Signed-off-by: Laurentiu Tudor <laurentiu.tu...@nxp.com>
---
 .../fsl-layerscape/doc/README.pci_iommu_extra |  67 ++++
 drivers/pci/Kconfig                           |  12 +
 drivers/pci/pcie_layerscape_fixup.c           | 328 ++++++++++++++++++
 3 files changed, 407 insertions(+)
 create mode 100644 arch/arm/cpu/armv8/fsl-layerscape/doc/README.pci_iommu_extra

diff --git a/arch/arm/cpu/armv8/fsl-layerscape/doc/README.pci_iommu_extra 
b/arch/arm/cpu/armv8/fsl-layerscape/doc/README.pci_iommu_extra
new file mode 100644
index 0000000000..43db4d8e94
--- /dev/null
+++ b/arch/arm/cpu/armv8/fsl-layerscape/doc/README.pci_iommu_extra
@@ -0,0 +1,67 @@
+#
+# Copyright 2020 NXP
+#
+# SPDX-License-Identifier:      GPL-2.0+
+#
+
+Specifying extra IOMMU mappings for PCI controllers
+
+This feature can be enabled through the PCI_IOMMU_EXTRA_MAPPINGS Kconfig 
option.
+
+The "pci_iommu_extra" env var or "pci-iommu-extra" device tree property (to be
+used for example in more static scenarios such as hardwired PCI endpoints that
+get initialized later in the system setup) allows two things:
+ - for a SRIOV capable PCI EP identified by its B.D.F specify the maximum 
number
+   of VFs that will ever be created for it
+ - for hot-plug case, specify the B.D.F with which the device will show up on
+   the PCI bus
+
+The env var consists of a list of <bdf>,<action> pairs for a certain pci bus
+identified by its controller's base register address, as defined in the "reg"

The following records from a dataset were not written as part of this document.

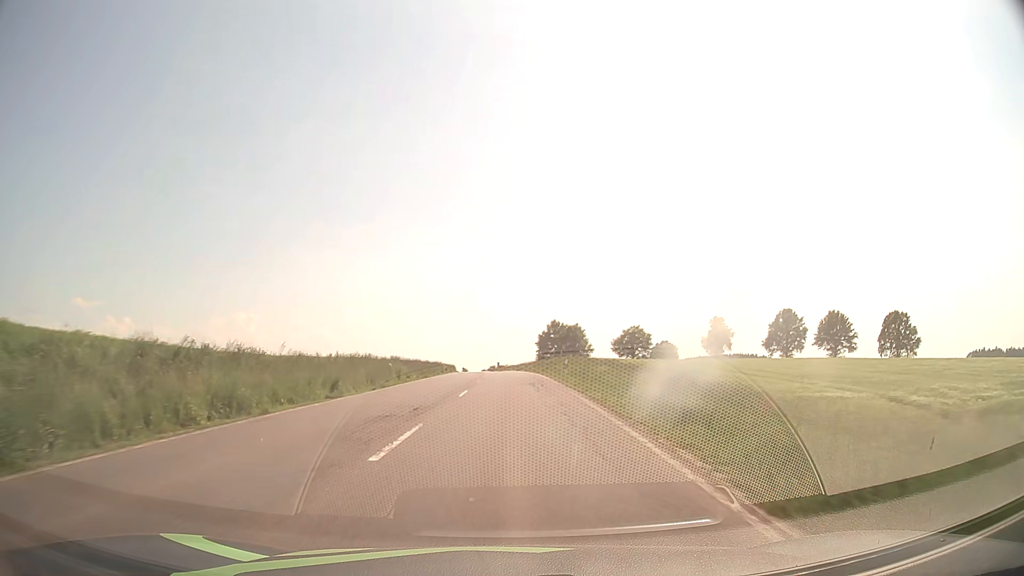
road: secondary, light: Day
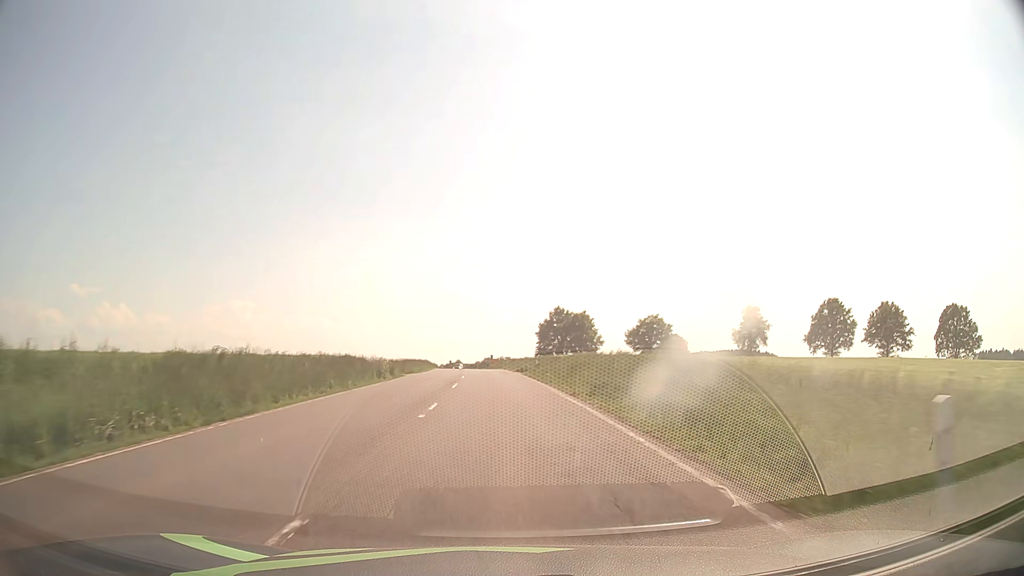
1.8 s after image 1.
(+0.1, +31.7) m; 0°
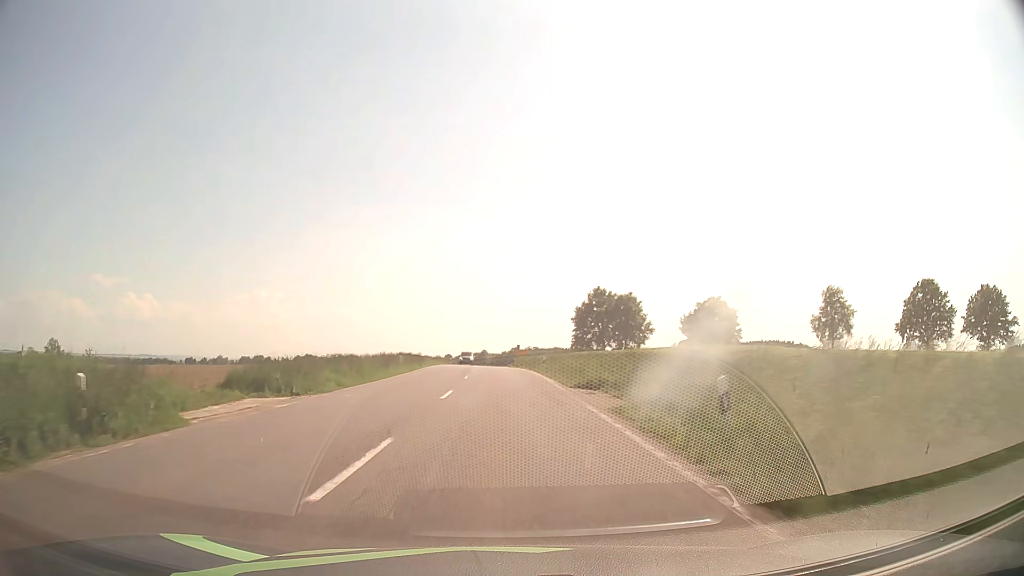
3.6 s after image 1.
(-0.4, +32.3) m; -2°
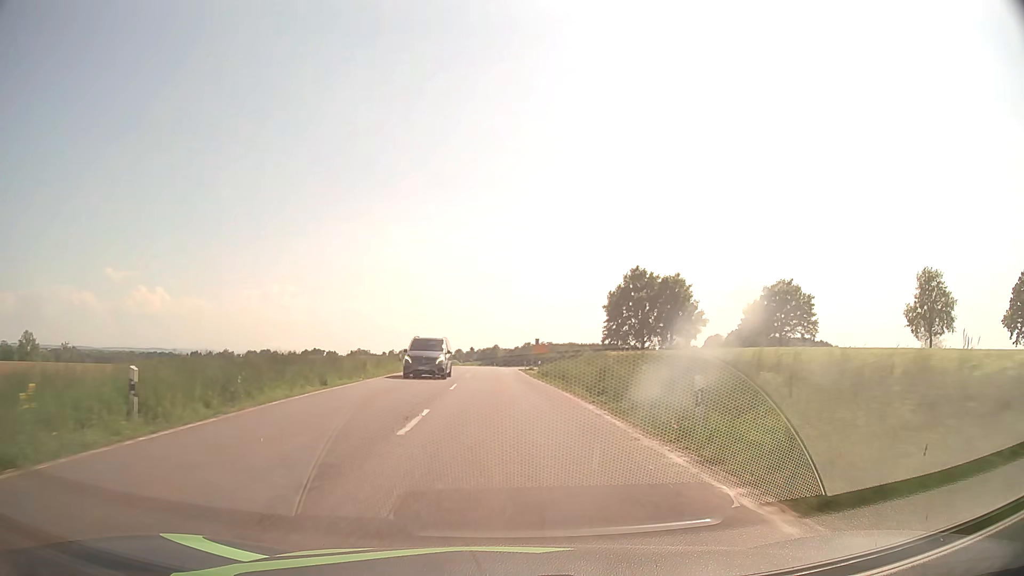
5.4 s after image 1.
(-0.5, +32.6) m; -1°
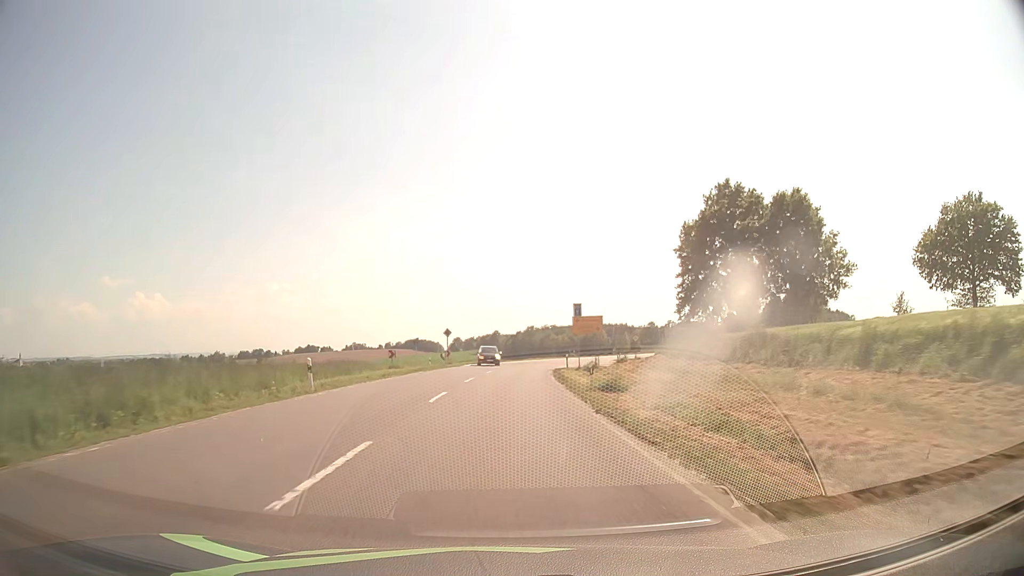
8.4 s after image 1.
(-0.4, +53.6) m; 0°
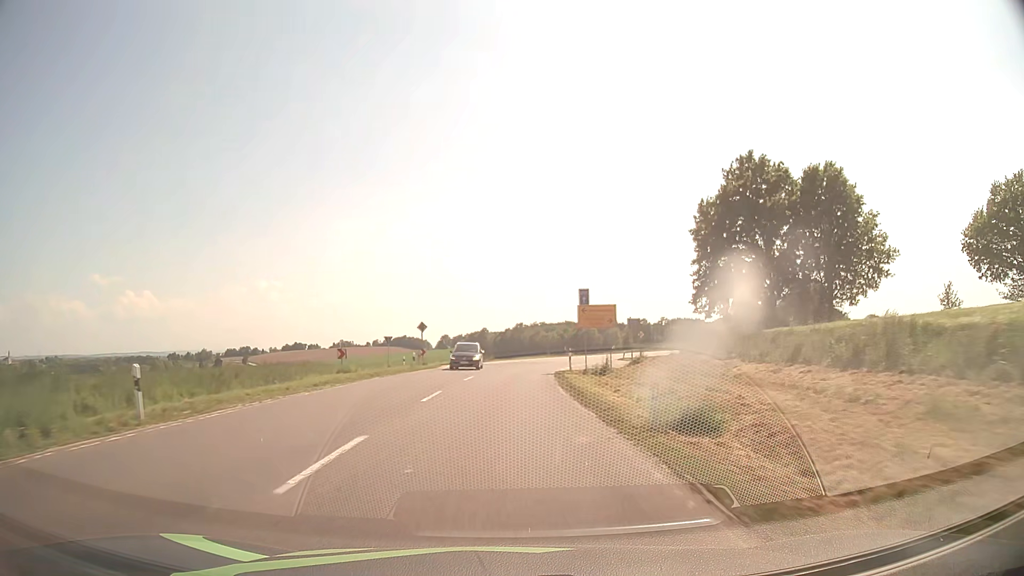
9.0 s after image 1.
(+0.1, +10.6) m; +1°
(0, +10) (0, +20) (+1, +30) (+1, +40) (+3, +50) (+5, +60) (+8, +69) (+11, +79) (+15, +88) (+20, +97) m

+property in the device tree.
+
+pci_iommu_extra = pci@<addr1>,<bdf>,<action>,<bdf>,<action>,
+                 pci@<addr2>,<bdf>,<action>,<bdf>,<action>,...
+
+where:
+ <addr> is the base register address of the pci controller for which the
+        subsequent <bdf>,<action> pairs apply
+ <bdf> identifies to which B.D.F the action applies to
+ <action> can be:
+    - "vfs=<number>" to specify that for the PCI EP identified previously by
+      the <bdf> to include mappings for <number> of VFs.

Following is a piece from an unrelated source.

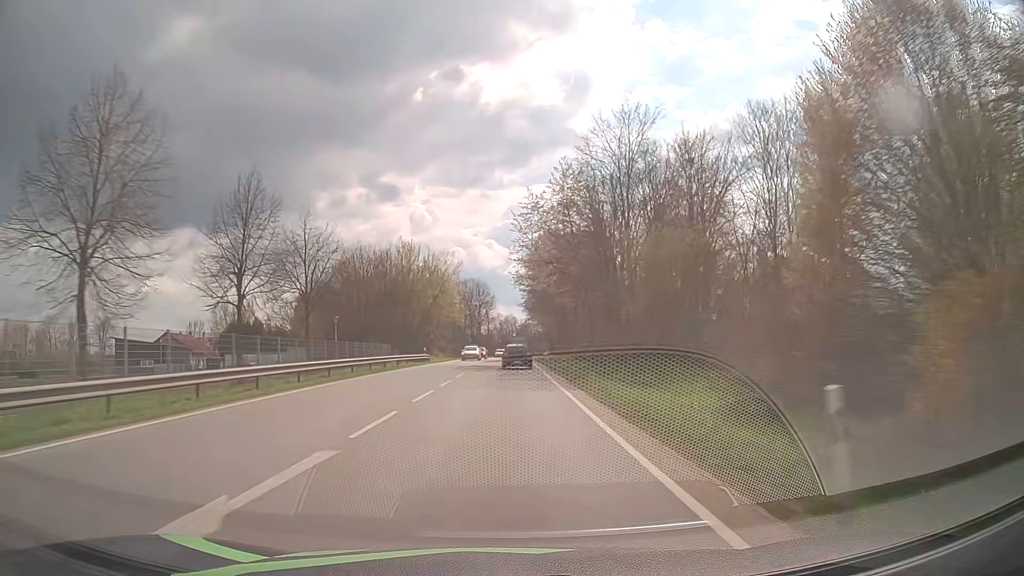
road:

+      The variant "noari_vfs=<number>" is available to disable taking ARI into
+      account.
+    - "hp" to specify that on this <bdf> there will be a hot-plugged device so
+      it needs a mapping
+The device tree property must be placed under the correct pci controller node
+and only the bdf and action pairs need to be specified, like this:
+
+pci-iommu-extra = "<bdf>,<action>,<bdf>,<action>,...";
+
+Note: the env var has priority over the device tree property.
+
+For example, given this configuration on bus 6:
+
+=> pci 6
+Scanning PCI devices on bus 6
+BusDevFun  VendorId   DeviceId   Device Class       Sub-Class
+_____________________________________________________________
+06.00.00   0x8086     0x1572     Network controller      0x00
+06.00.01   0x8086     0x1572     Network controller      0x00
+
+The following u-boot env var will create iommu mappings for 3 VFs for each PF:
+
+=> setenv pci_iommu_extra pci@0x3800000,6.0.0,vfs=3,6.0.1,vfs=3
+
+For the device tree case, this would be specified like this:
+
+pci-iommu-extra = "6.0.0,vfs=3,6.0.1,vfs=3";
+
+To add an iommu mapping for a hot-plugged device, please see following example:
+
+=> setenv pci_iommu_extra pci@0x3800000,2.16.0,hp
+
+For the device tree case, this would be specified like this:
+
+pci-iommu-extra = "2.16.0,hp";
diff --git a/drivers/pci/Kconfig b/drivers/pci/Kconfig
index dd1cc65229..af92784950 100644
--- a/drivers/pci/Kconfig
+++ b/drivers/pci/Kconfig
@@ -179,6 +179,18 @@ config PCIE_LAYERSCAPE_RC
          configured to Root Complex mode by clearing the corresponding bit of
          RCW[HOST_AGT_PEX].
 
+config PCI_IOMMU_EXTRA_MAPPINGS
+       bool "Support for specifying extra IOMMU mappings for PCI"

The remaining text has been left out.